Hysteroscopy, surgical; with division or resection of intrauterine septum (any method)

© Copyright 2025 American Medical Association. All rights reserved.

Common Language Description

The procedure described by CPT® Code 58560 refers to a surgical hysteroscopy that involves the division or resection of an intrauterine septum using any method. An intrauterine septum is a congenital anomaly where a fibrous or muscular band divides the uterine cavity, which can lead to complications such as recurrent pregnancy loss or infertility. The surgical approach begins with a thorough bimanual pelvic examination to assess the uterus and surrounding structures. Following this, a single-tooth tenaculum is applied to the anterior lip of the cervix to stabilize it during the procedure.
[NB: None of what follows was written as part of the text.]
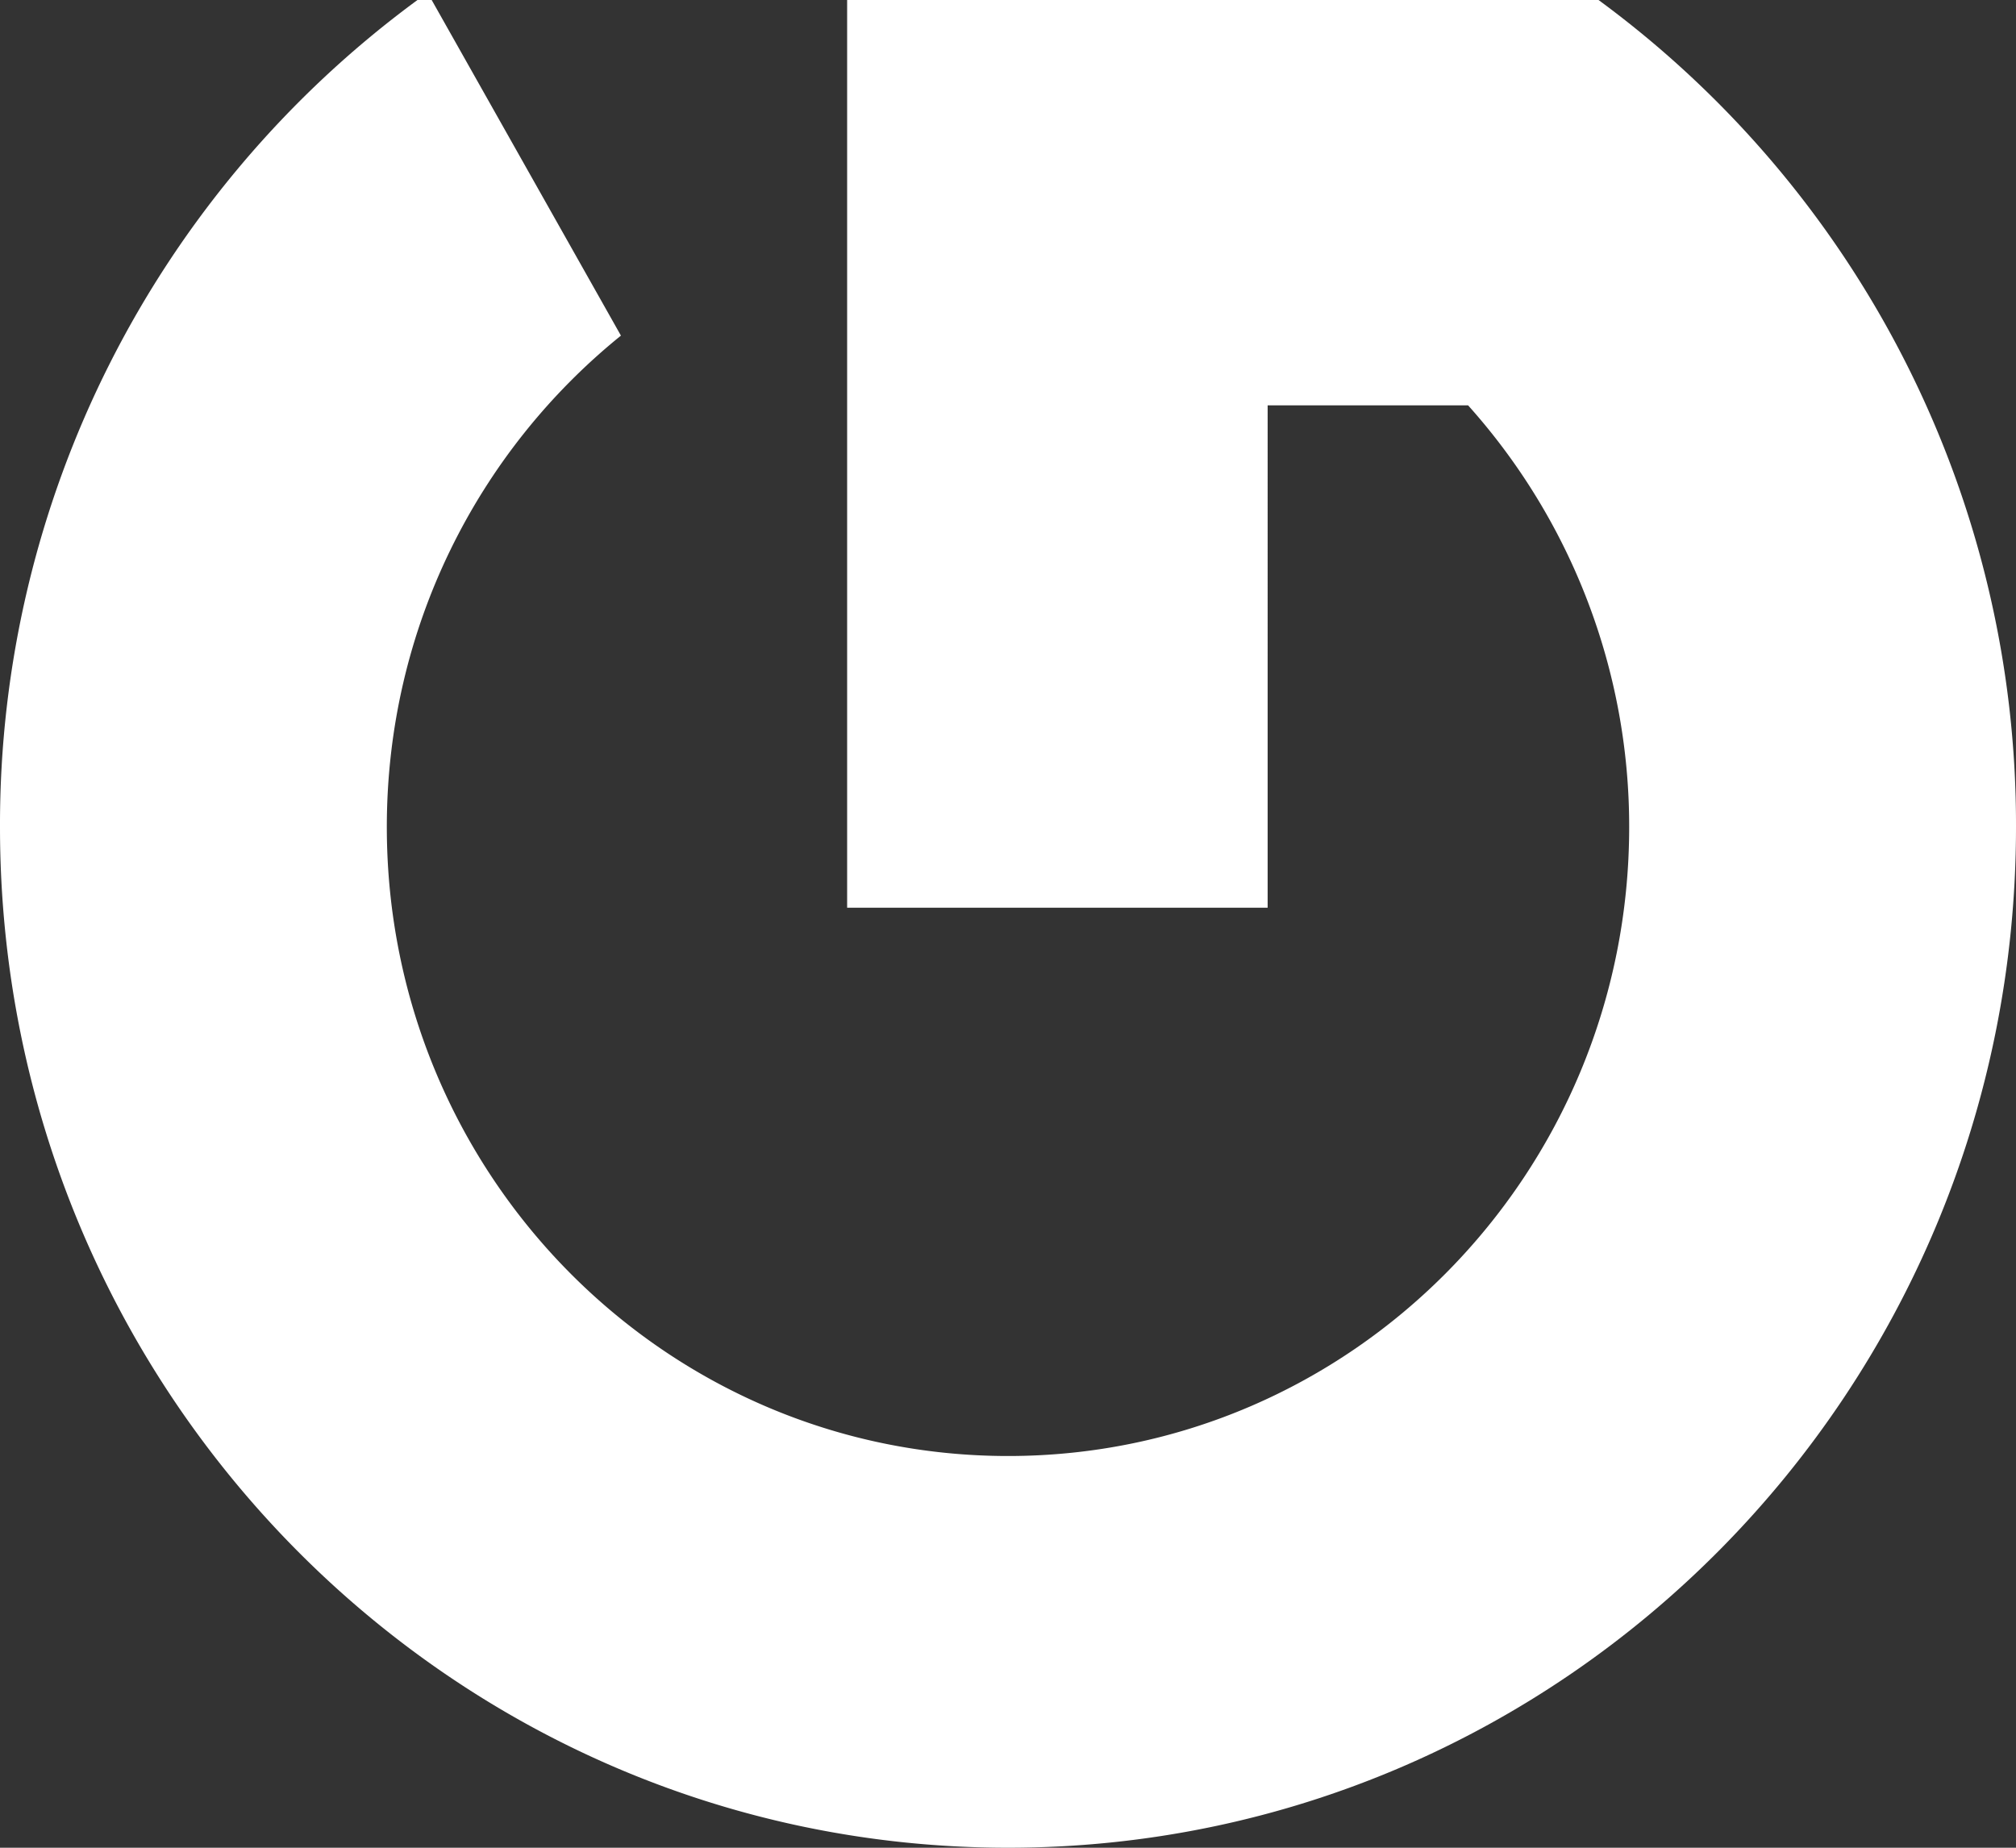 <svg xmlns="http://www.w3.org/2000/svg" width="24" height="22" viewBox="0 0 24 22">
    <rect x="0" y="0" width="24" height="22" fill="#333333" stroke="none"/>
    <path fill="#FFF" fill-rule="evenodd" d="M10.085 0v10.808h5.006V4.826h2.386a7.51 7.51 0 0 1 1.918 5.02c0 4.137-3.31 7.49-7.394 7.49-4.085 0-7.396-3.353-7.396-7.49 0-2.369 1.09-4.478 2.787-5.85L5.139 0H4.97A12.181 12.181 0 0 0 0 9.847C0 16.559 5.373 22 12 22c6.628 0 12-5.44 12-12.153A12.18 12.18 0 0 0 19.03 0h-8.945z"/>
</svg>

A sound is then introduced into the uterus to measure its depth and angle, ensuring proper placement of the hysteroscope. To facilitate the insertion of the hysteroscope, the cervix is anesthetized and dilated using metal dilators. The hysteroscope is then carefully inserted into the endocervical canal and advanced into the uterine cavity while simultaneously distending the uterus with saline or carbon dioxide. This distension allows for clear visualization of the uterine cavity, where the surgeon can identify any adhesions or the presence of an intrauterine septum. If intrauterine adhesions are present, they may be addressed in a separate procedure coded as CPT® 58559, which involves lysing the adhesions using various techniques. In the case of CPT® 58560, the focus is on the intrauterine septum, which is divided or resected using specialized instruments such as a resectoscope, scissors, or a vaporizing electrode. After the procedure, all instruments, including the hysteroscope, are removed, and the tenaculum is taken off the cervical lip. Any bleeding from the cervix is managed through the application of pressure, ensuring patient safety and comfort post-procedure.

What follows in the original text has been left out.